··· Information
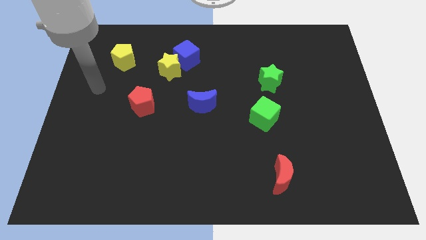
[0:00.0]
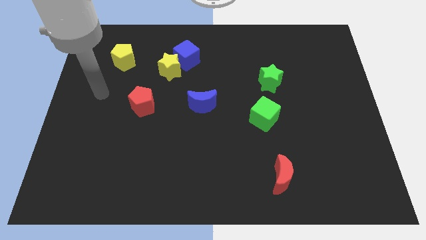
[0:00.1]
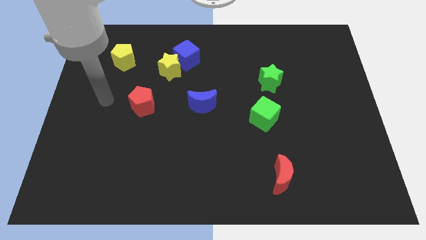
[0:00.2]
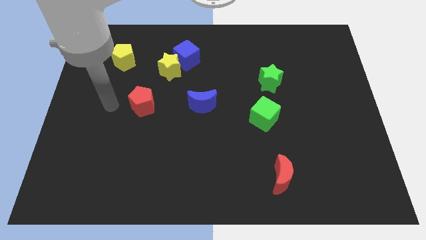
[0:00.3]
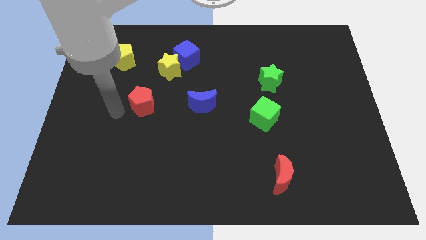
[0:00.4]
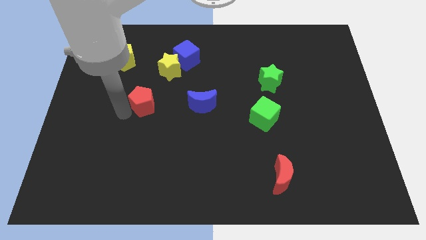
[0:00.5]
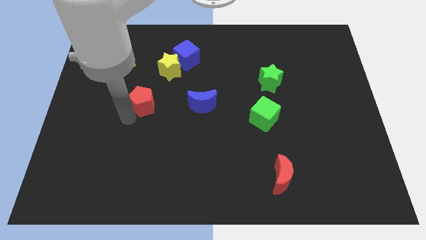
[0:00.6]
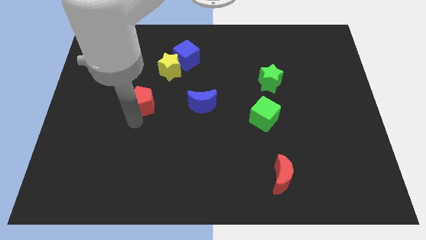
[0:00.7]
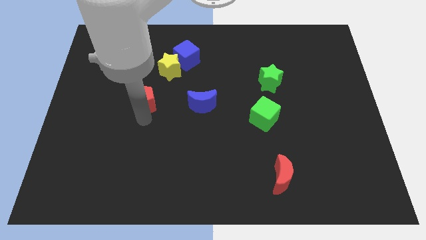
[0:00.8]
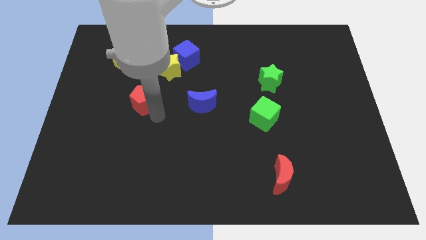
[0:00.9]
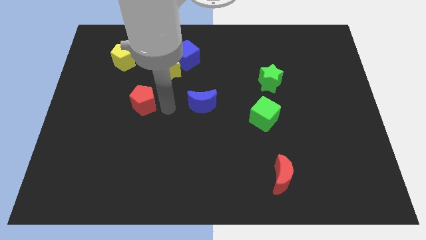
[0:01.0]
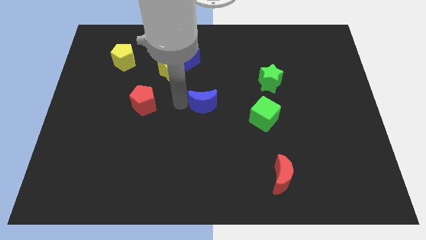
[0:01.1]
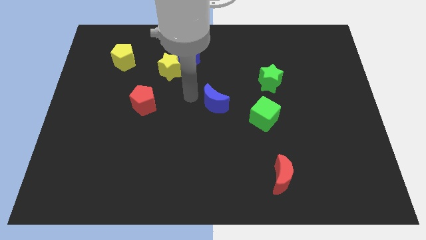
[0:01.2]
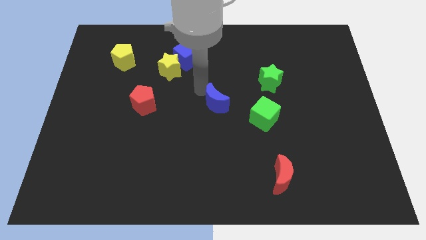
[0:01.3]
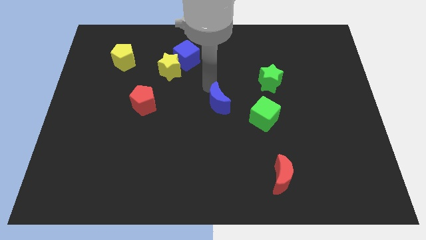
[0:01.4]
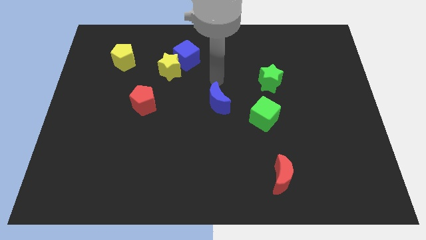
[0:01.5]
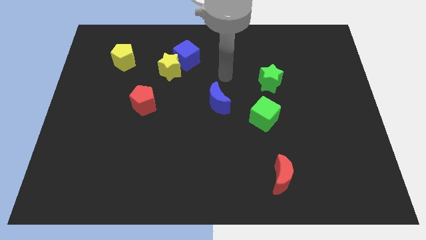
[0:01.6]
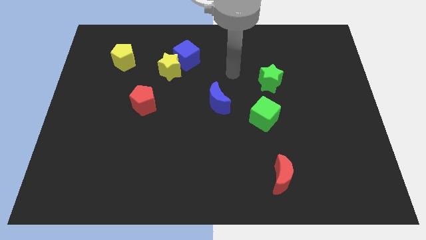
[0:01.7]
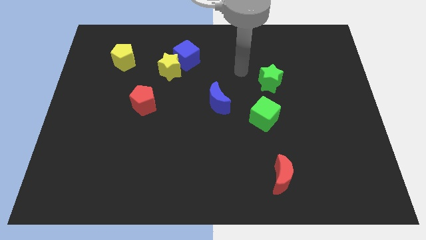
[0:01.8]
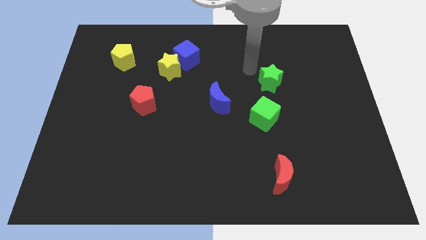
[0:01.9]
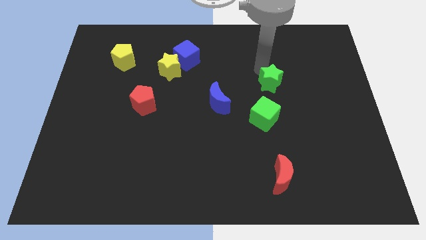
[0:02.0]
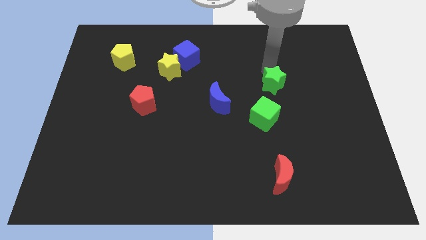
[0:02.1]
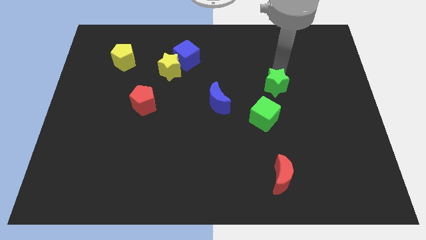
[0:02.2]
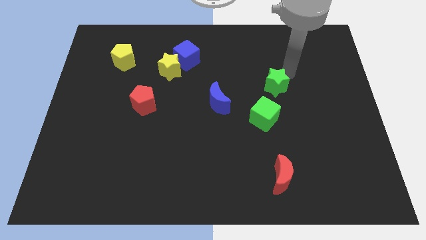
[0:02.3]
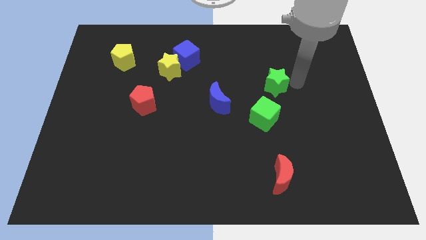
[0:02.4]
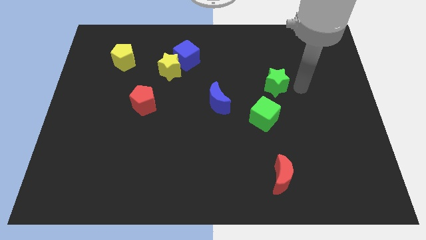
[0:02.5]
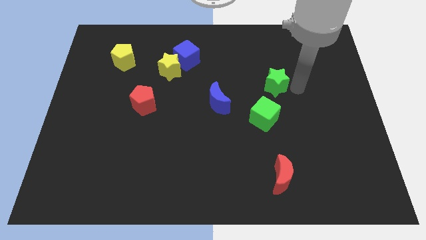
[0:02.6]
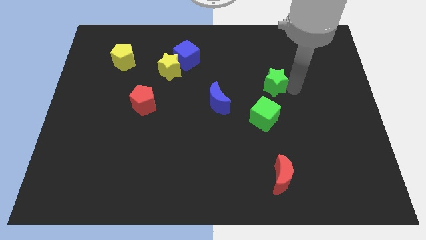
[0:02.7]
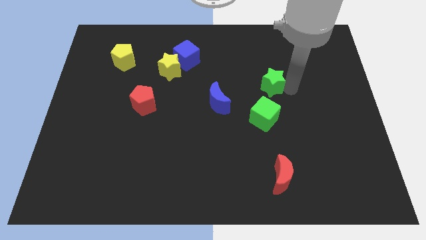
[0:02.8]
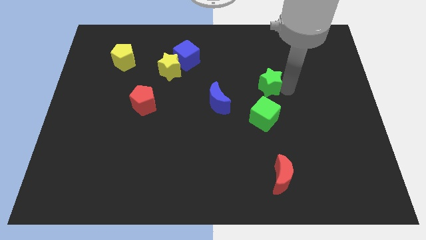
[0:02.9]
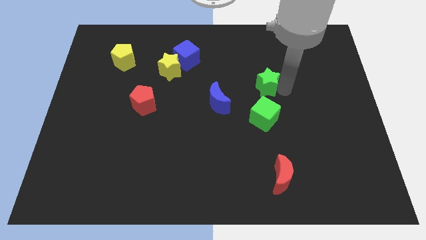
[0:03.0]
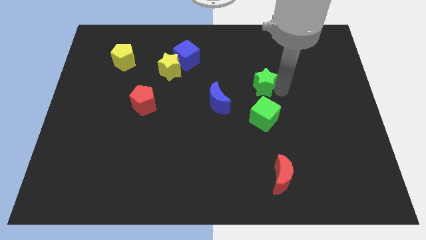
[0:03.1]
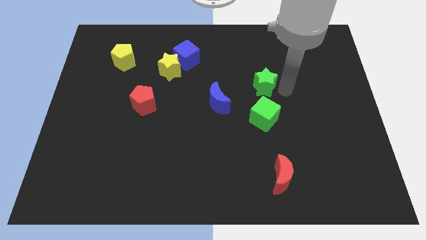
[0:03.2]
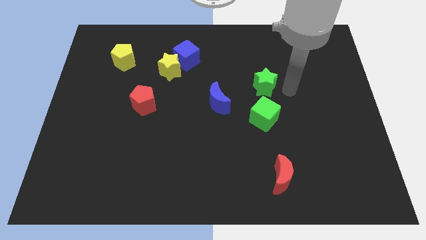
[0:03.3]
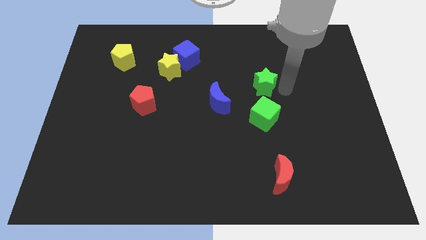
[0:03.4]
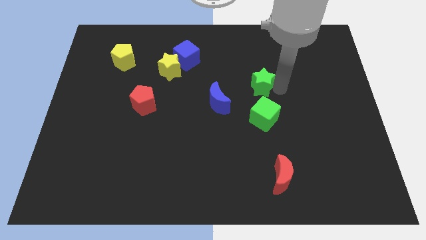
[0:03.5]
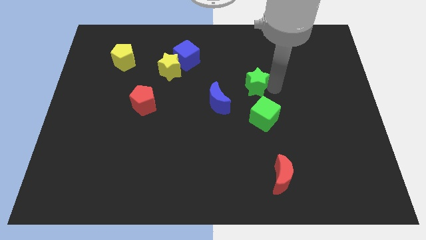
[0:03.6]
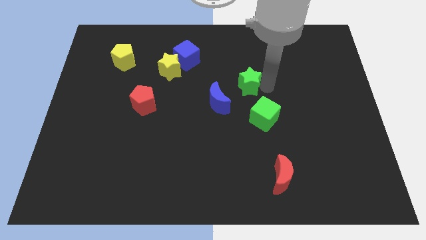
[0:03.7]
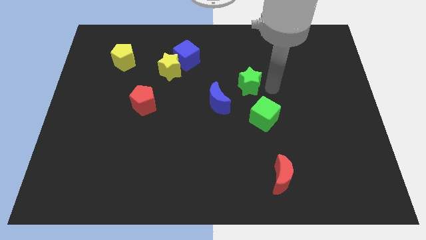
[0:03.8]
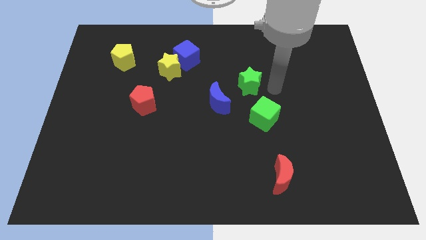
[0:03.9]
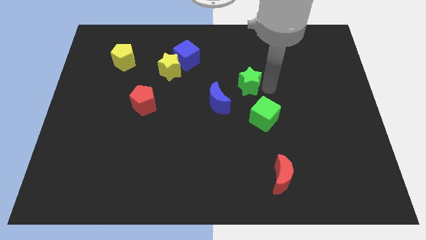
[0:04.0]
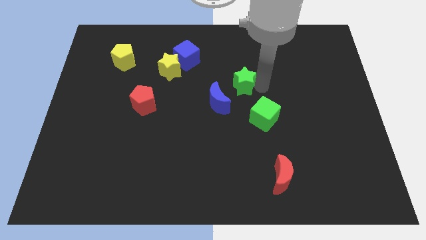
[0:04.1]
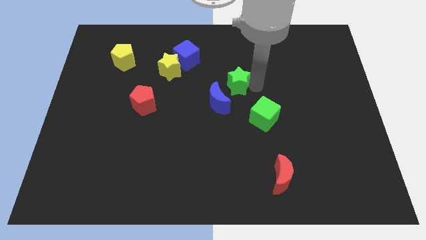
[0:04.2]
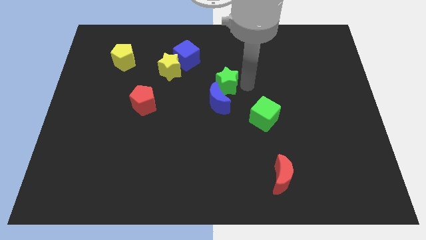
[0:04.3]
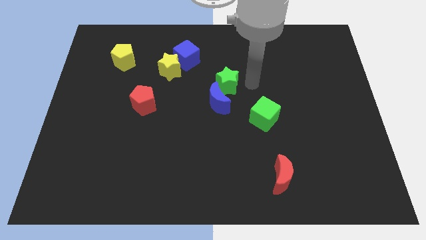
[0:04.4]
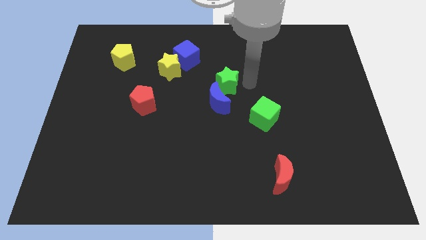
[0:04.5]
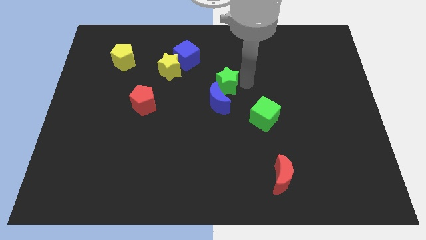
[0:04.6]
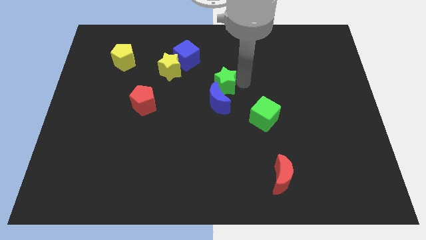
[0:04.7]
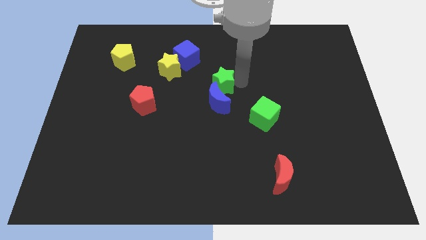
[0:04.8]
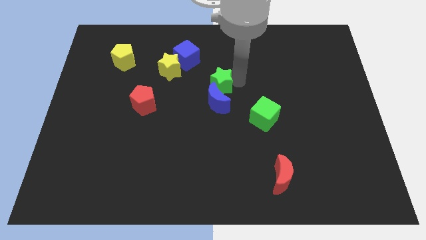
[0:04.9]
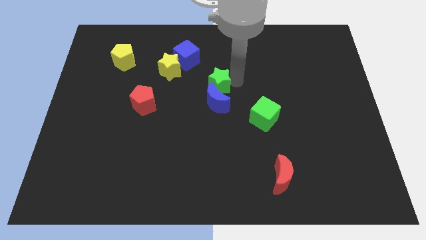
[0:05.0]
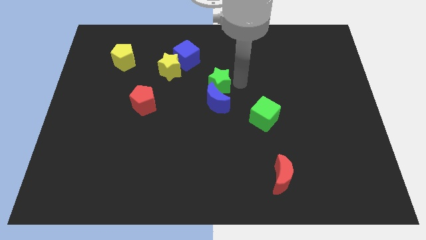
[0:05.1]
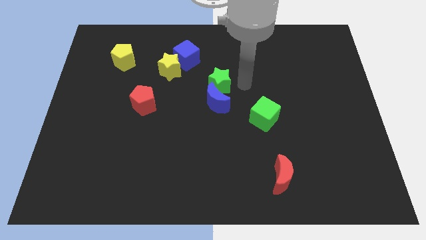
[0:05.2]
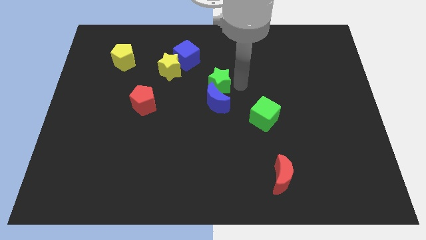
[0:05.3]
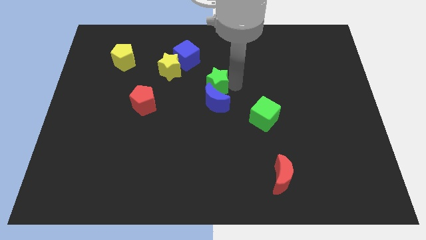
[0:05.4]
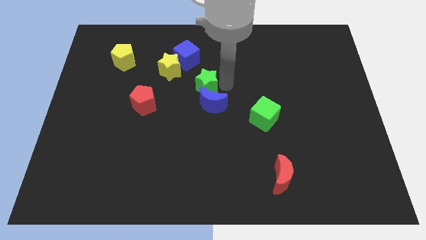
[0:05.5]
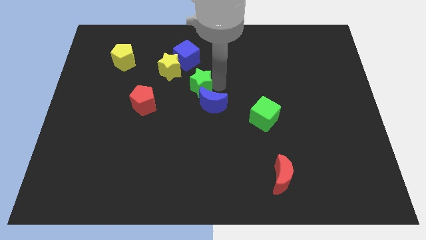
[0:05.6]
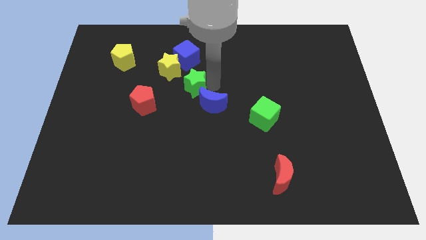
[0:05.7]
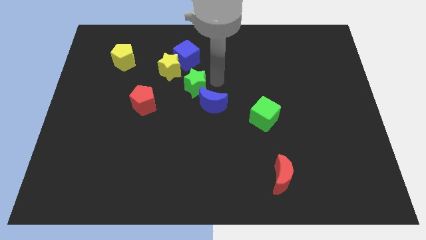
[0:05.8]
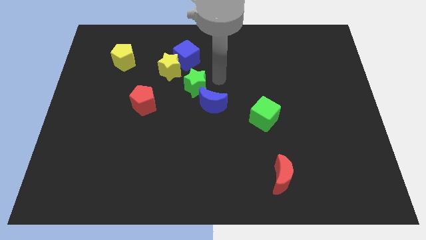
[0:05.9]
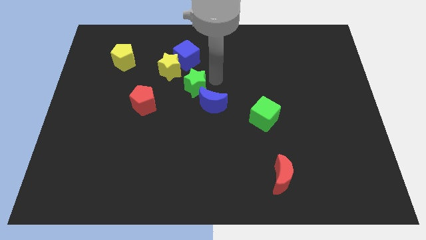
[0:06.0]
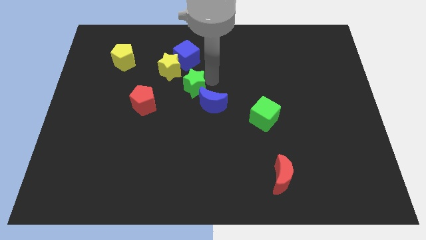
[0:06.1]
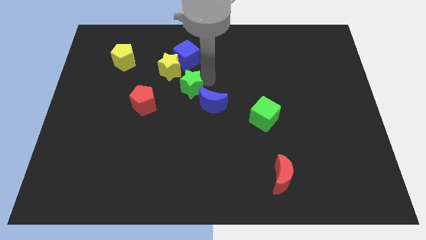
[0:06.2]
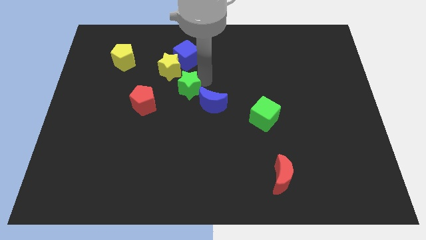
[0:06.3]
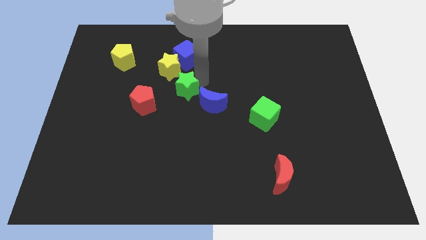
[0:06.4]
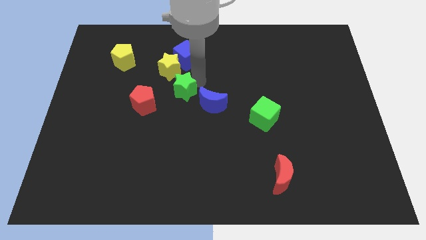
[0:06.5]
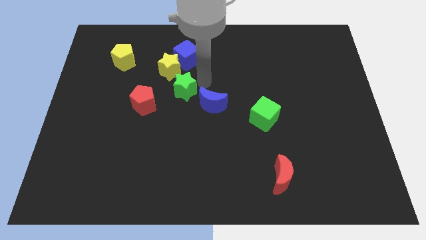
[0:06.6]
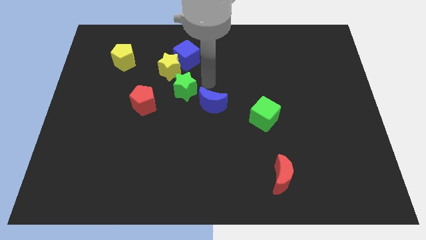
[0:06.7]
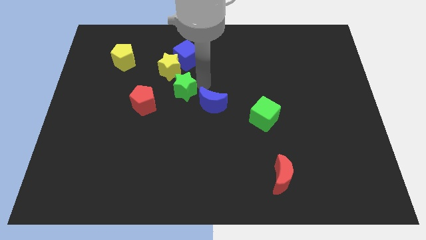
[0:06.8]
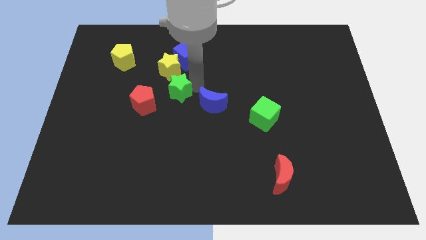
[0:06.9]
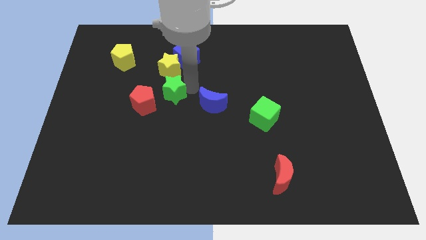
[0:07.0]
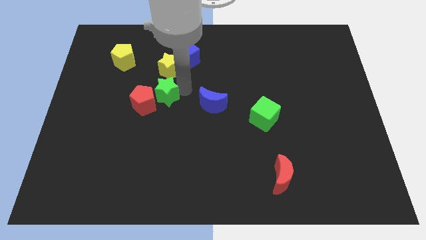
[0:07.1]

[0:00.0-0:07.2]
push the green star to the red pentagon
······
▶ _What to produce_
Copy each line above exactly, with no images.

▶ _Result of the exercise_
[0:00.0]
[0:00.1]
[0:00.2]
[0:00.3]
[0:00.4]
[0:00.5]
[0:00.6]
[0:00.7]
[0:00.8]
[0:00.9]
[0:01.0]
[0:01.1]
[0:01.2]
[0:01.3]
[0:01.4]
[0:01.5]
[0:01.6]
[0:01.7]
[0:01.8]
[0:01.9]
[0:02.0]
[0:02.1]
[0:02.2]
[0:02.3]
[0:02.4]
[0:02.5]
[0:02.6]
[0:02.7]
[0:02.8]
[0:02.9]
[0:03.0]
[0:03.1]
[0:03.2]
[0:03.3]
[0:03.4]
[0:03.5]
[0:03.6]
[0:03.7]
[0:03.8]
[0:03.9]
[0:04.0]
[0:04.1]
[0:04.2]
[0:04.3]
[0:04.4]
[0:04.5]
[0:04.6]
[0:04.7]
[0:04.8]
[0:04.9]
[0:05.0]
[0:05.1]
[0:05.2]
[0:05.3]
[0:05.4]
[0:05.5]
[0:05.6]
[0:05.7]
[0:05.8]
[0:05.9]
[0:06.0]
[0:06.1]
[0:06.2]
[0:06.3]
[0:06.4]
[0:06.5]
[0:06.6]
[0:06.7]
[0:06.8]
[0:06.9]
[0:07.0]
[0:07.1]

[0:00.0-0:07.2]
push the green star to the red pentagon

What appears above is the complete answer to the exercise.